I grew up building Native American homes for school projects, I loved dressing the part for Thanksgiving programs, and I was really pumped to land the name “Rainbow Princess” for the duration of our Native American unit in second grade. For a woman whose education dabbled in the realm of indigenous nearly every year in elementary school, it was just a few months ago that I learned the phrase “merciless Indian savages” is written into The Declaration of Independence. There’s much to think about, much to wrestle with.
As I consider how I’ve been taught and how to teach my children, history clashes loudly with the familiar narratives. It’s tempting for us to force-feed redemption into the stories we tell rather than tell stories as they actually are. However, when we strong-arm redemption, we can short-circuit the powerful experience of longing for a Redeemer—and I don’t want my kids to miss that. I also think we can let passages like Psalm 78 inform the way we pass down stories—not hiding ugly truths but proclaiming them plainly alongside God’s glorious deeds (v. 4) that the hearers might set their hope in God alone, remember his works, and keep his commandments (v. 6-7).
So when I tell my kids the Thanksgiving story (based on what I now know and humbly recognizing that I’m still learning and don’t know everything), it goes something like this:
Native Americans are men, women, and children who lived in the land we call America long before any Europeans arrived. They considered this place home—and that makes sense. After all, they’d lived here for as long as they could remember. Their parents had always lived here, and even their grandparents and great-grandparents had always lived here!
Several hundred years ago, some people from Europe traveled here, desiring to make it their home, too.

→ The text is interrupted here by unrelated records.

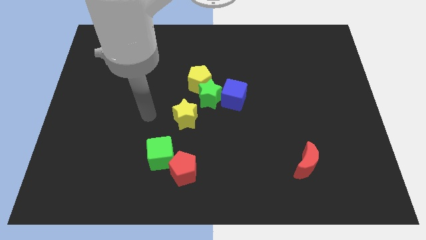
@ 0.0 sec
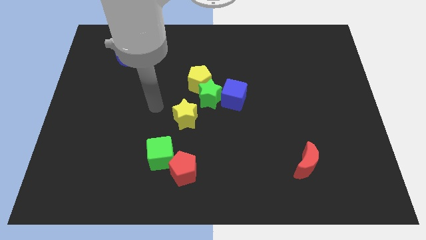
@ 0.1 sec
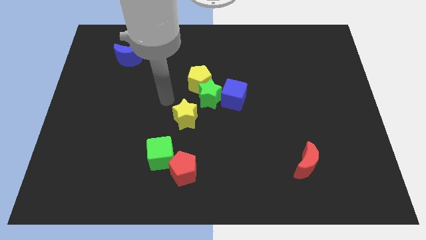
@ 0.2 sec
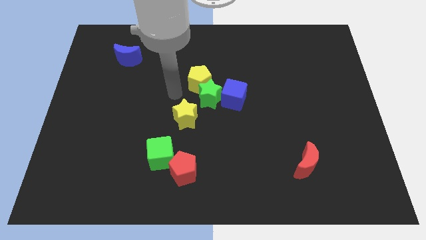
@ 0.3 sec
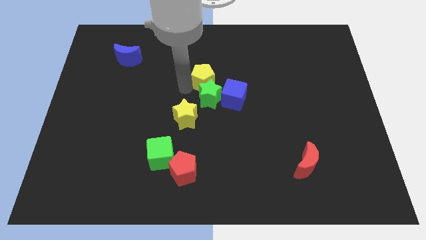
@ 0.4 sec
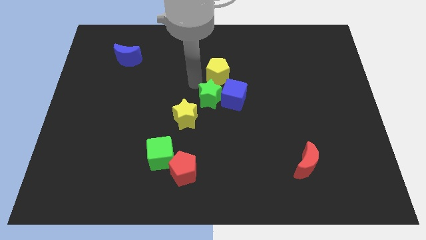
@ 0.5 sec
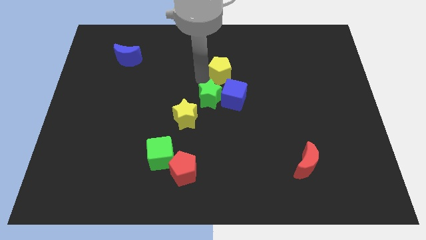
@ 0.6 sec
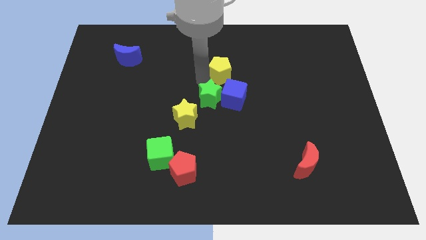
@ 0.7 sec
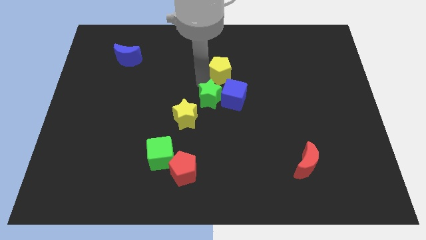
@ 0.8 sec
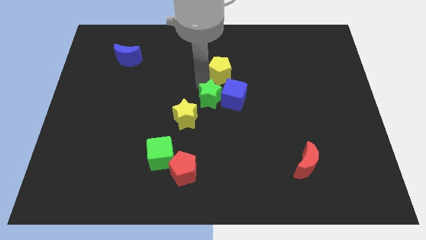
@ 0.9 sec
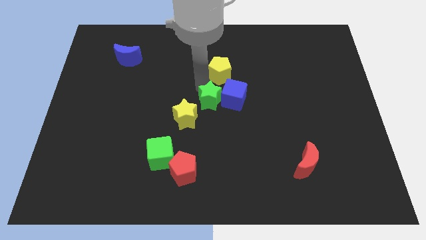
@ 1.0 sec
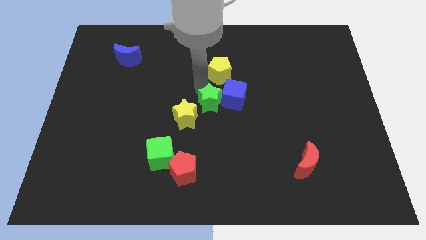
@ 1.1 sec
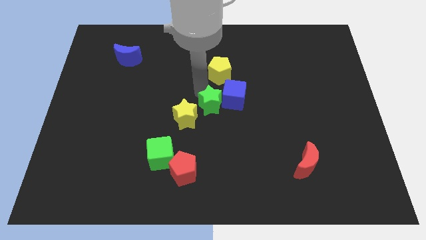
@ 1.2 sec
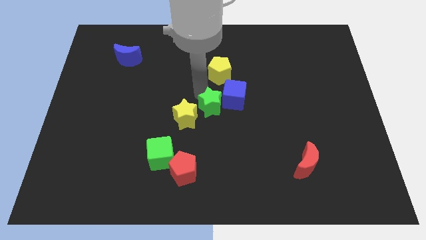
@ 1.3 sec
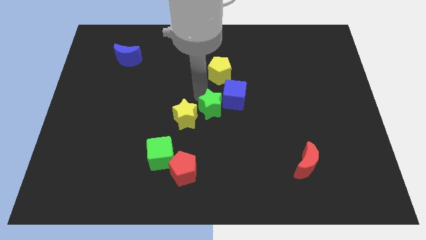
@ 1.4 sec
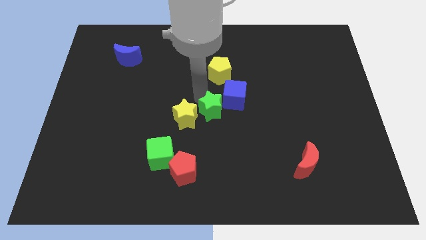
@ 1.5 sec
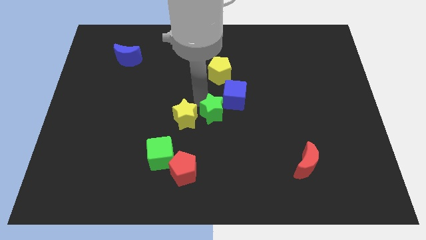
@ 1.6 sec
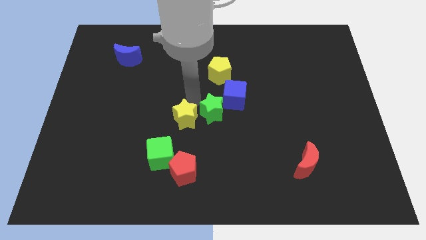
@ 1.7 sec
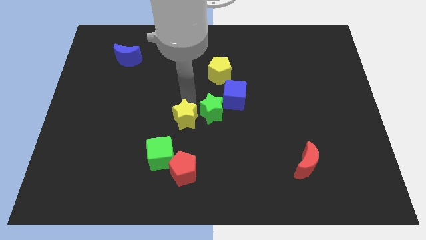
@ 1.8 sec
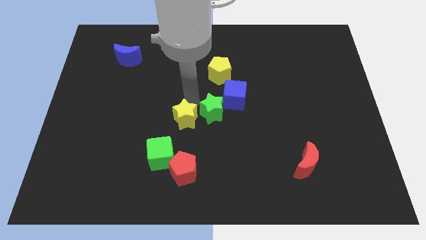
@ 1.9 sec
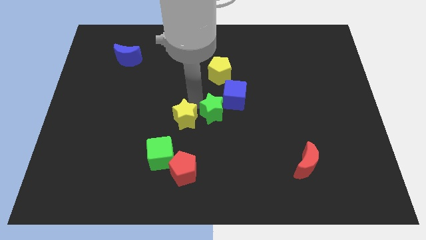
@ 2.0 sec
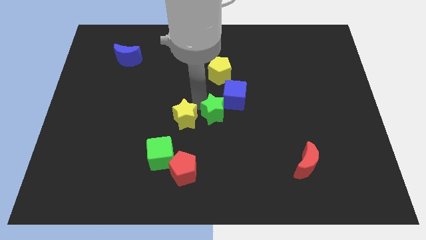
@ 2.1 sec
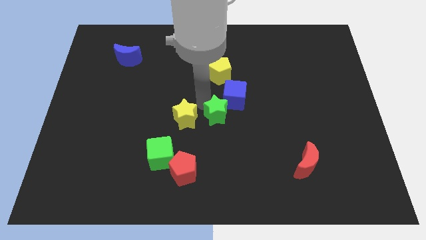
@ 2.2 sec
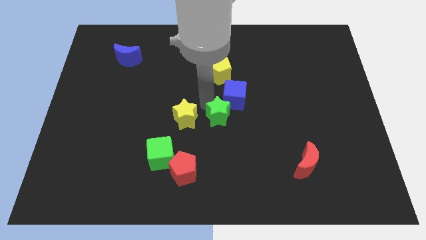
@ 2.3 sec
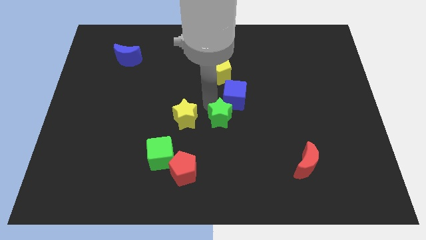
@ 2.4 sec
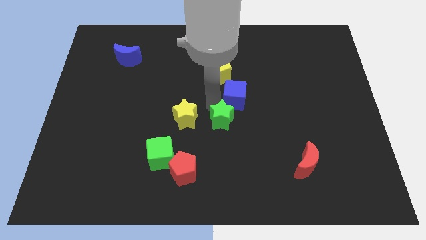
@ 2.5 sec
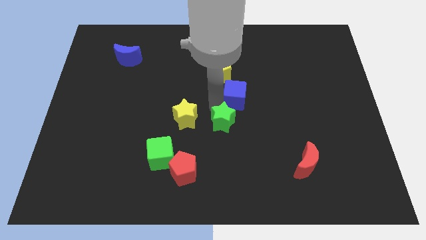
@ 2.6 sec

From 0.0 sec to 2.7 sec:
push the green star diagonally downwards and right slightly

There were some who did this for good reasons, like their desire to worship freely, but many did this for selfish reasons. Perhaps these new people could have shared, or asked, “Can I live here, too?” but many didn’t. Instead, some of them made it a project to shove their way in. Of course, the Native Americans were not about to give up their home! Who would want to give up their home? Who would want to let someone take the place where they’d grown up, where their parents had grown up, where their grandparents had grown up, where their great-grandparents had grown up?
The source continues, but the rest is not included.